The weaker-than-expected unemployment result has left the door open for the Reserve Bank to cut rates in in November, but only if inflation remains stubbornly low next week. For the record we expect the “headline” CPI probably rose 0.4 per cent in the quarter and 1.0 per cent over the year, replicating the June quarter results. We expect that “underlying” prices rose by 0.5 per cent in the quarter and 1.7 per cent over the year.

Results in line with our forecasts don’t provide the “smoking gun” needed to justify another rate cut. But if the underlying estimate of inflation lifts by less than 0.4 per cent then another rate cut will be on the agenda at the November 1 Reserve Bank Board meeting. The question for Reserve Bank Board members is whether there is value in cutting rates again.

What do the figures show?

Labour force:

  • Employment 9,800 in September after falling by a revised 8,600 people in August (previously -3,900). Full-time jobs fell by 53,000 while part-time jobs rose by 43,200. Economists had tipped a 15,000 increase in jobs.
  • Hours worked fell by 0.2 per cent in August. Hours worked are up by 0.7 per cent on the year.
  • The unemployment rate 5.7 per cent to 5.6 per cent in September. To two decimal points the jobless rate fell from 5.66 per cent to 5.57 per cent (lowest rate recorded in 3½-years). The trend unemployment rate fell from 5.7 per cent to 5.6 per cent (hasn’t been lower in 3½-years).
  • The participation rate eased from 64.7 per cent to 64.5 per cent.
  • A total of 163,200 jobs were added over the year to September. The annual growth rate eased to a 17-month low of 1.4 per cent. In trend terms, employment has risen for 34 consecutive months.
  • The working age population rose by 24,800 in September. The working age population rose by 289,900 (1.51 per cent) over the last year.
  • Unemployment across states in September: NSW 4.9 per cent (August 5.0 per cent); Victoria 5.7 per cent (5.6 per cent); Queensland 6.0 per cent (6.2 per cent); South Australia 6.7 per cent (6.8 per cent); Western Australia 6.2 per cent (6.3 per cent); Tasmania 6.5 per cent (7.2 per cent). In trend terms unemployment in the Northern Territory fell from 3.5 per cent to 3.4 per cent; ACT unemployment was steady at 3.5 per cent.
  • Jobs across states and territories in September: NSW +6,700; Victoria -11,700; Queensland -4,100; South Australia unchanged; Western Australia -7,600; Tasmania +2,300. Trend terms: Northern Territory -100; ACT +400.

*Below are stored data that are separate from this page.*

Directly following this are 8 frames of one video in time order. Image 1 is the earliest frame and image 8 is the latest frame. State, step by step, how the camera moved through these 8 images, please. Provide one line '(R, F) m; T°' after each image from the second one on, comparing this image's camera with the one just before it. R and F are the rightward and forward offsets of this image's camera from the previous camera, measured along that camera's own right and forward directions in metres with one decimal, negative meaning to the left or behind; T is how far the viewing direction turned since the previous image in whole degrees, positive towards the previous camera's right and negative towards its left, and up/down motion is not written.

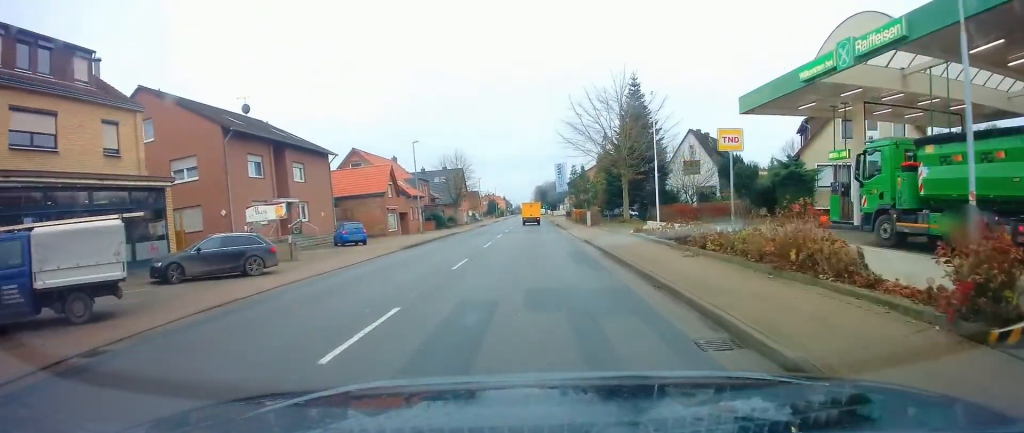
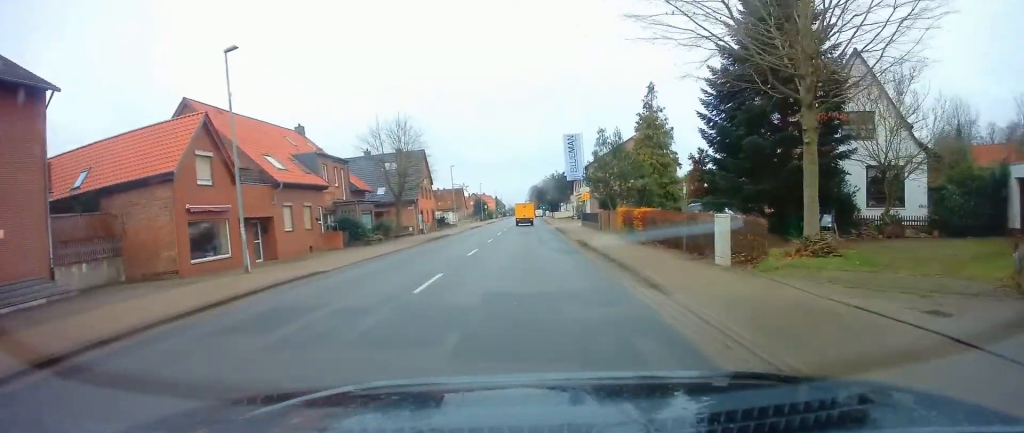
(+0.7, +30.7) m; +1°
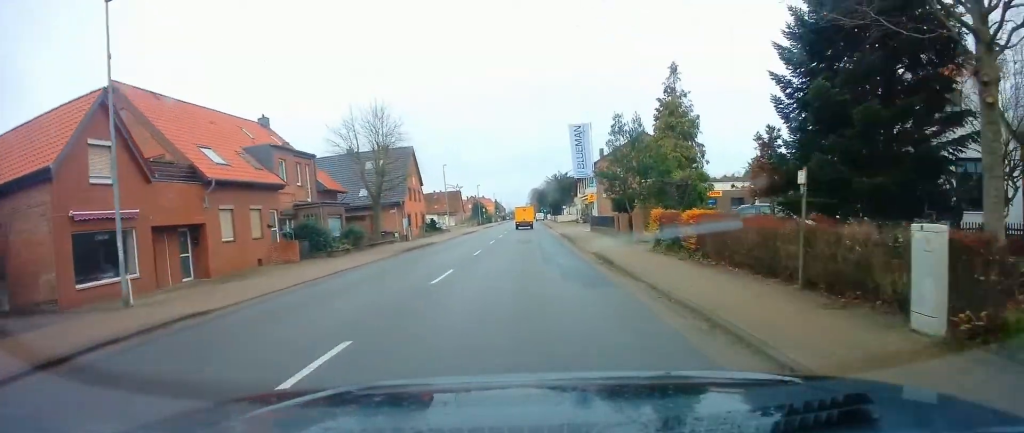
(+0.2, +6.8) m; -1°
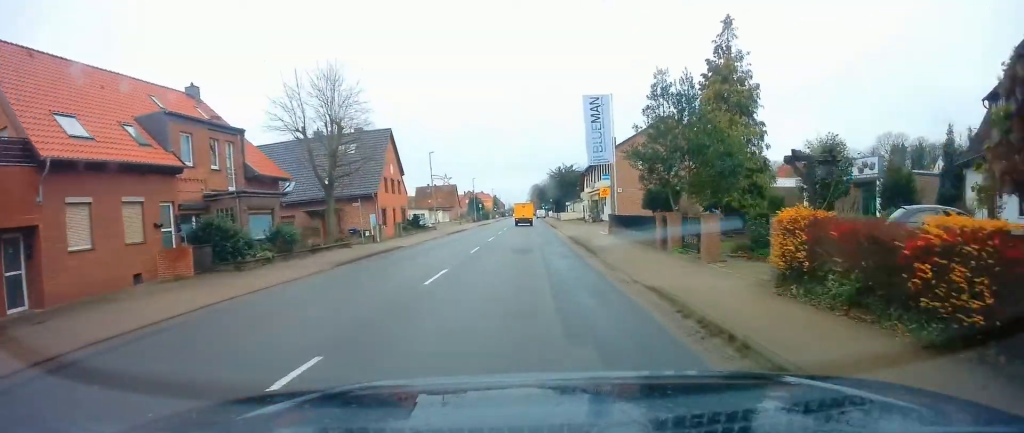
(-0.2, +9.7) m; -1°
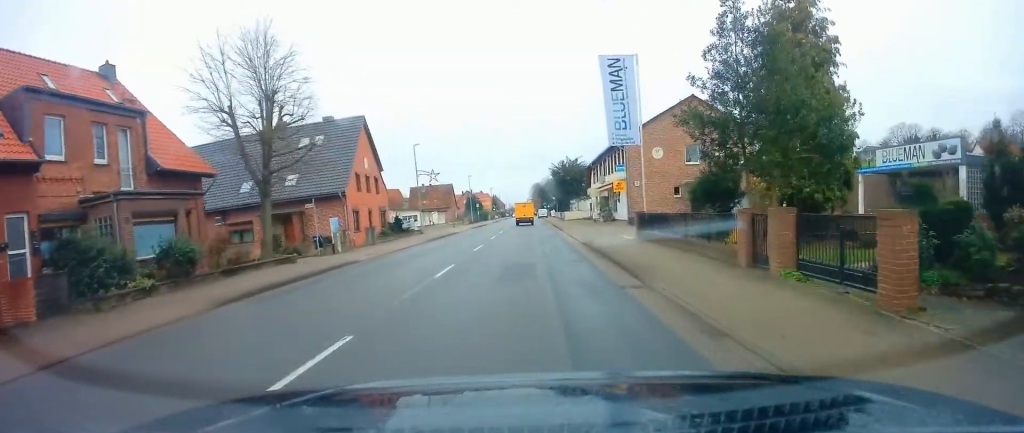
(-0.3, +7.8) m; 0°
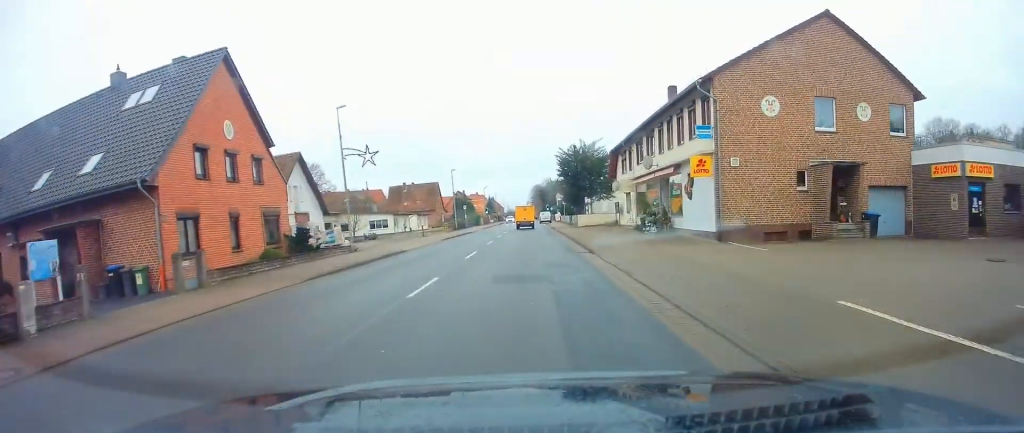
(+0.7, +20.2) m; +1°
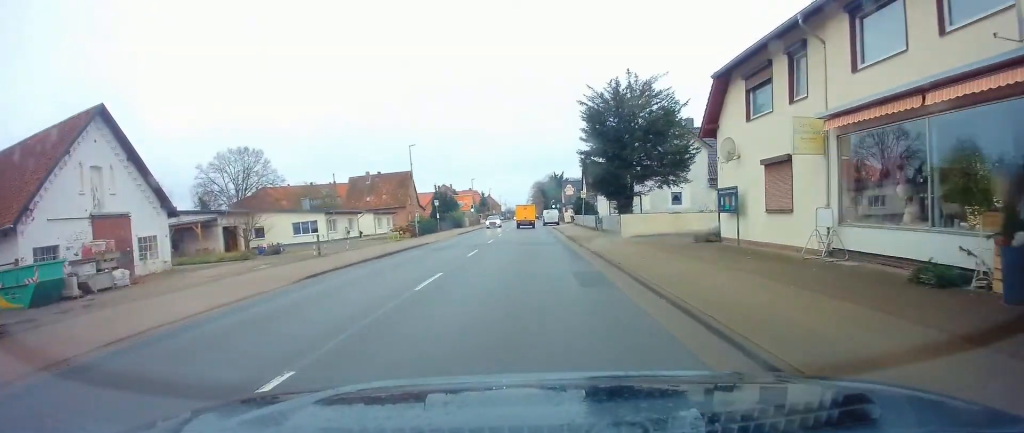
(-0.4, +25.8) m; -1°
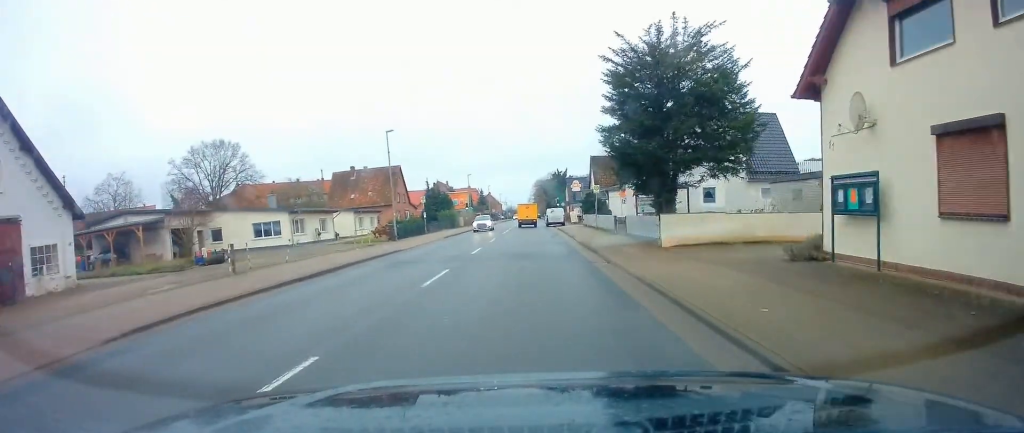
(+0.2, +8.2) m; 0°

Why is the data important?

The Labour Force estimates are derived from a monthly survey conducted by the Bureau of Statistics. The population survey is based on a multi-stage area sample of private dwellings (currently about 22,800 houses, flats, etc.) and a sample of non-private dwellings (hotels, motels, etc.). The survey covers about 0.24 per cent of the population of Australia and includes all people over 15 years of age, except defence personnel.

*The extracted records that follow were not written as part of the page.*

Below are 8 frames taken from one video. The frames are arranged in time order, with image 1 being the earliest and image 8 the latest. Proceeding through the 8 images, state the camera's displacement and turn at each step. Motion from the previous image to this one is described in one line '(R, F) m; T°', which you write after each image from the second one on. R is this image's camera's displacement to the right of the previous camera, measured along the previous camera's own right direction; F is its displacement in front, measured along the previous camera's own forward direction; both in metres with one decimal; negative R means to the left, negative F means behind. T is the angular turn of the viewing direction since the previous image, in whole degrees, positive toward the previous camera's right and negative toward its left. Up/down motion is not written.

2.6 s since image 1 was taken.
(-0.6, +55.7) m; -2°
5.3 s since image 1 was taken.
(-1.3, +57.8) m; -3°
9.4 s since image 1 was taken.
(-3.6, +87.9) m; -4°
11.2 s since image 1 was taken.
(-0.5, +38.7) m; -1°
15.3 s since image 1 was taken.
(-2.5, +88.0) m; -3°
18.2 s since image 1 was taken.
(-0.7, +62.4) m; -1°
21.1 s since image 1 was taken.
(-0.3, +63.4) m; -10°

If more people are employed, then there is greater spending power in the economy. But at the same time companies may adjust the work hours of employees. If employees work less hours, and therefore get paid less, then spending power in the economy is reduced.

What are the implications?

The latest jobs data suggests that the improvement in business conditions and confidence is yet to translate through to a lift in full-time employment. But overall it seems a case of steady as you go. The jobless rate is still the lowest recorded in three years and job ads data suggest that it could fall further in coming months. As the job market tightens, the focus will shift to wage pressures.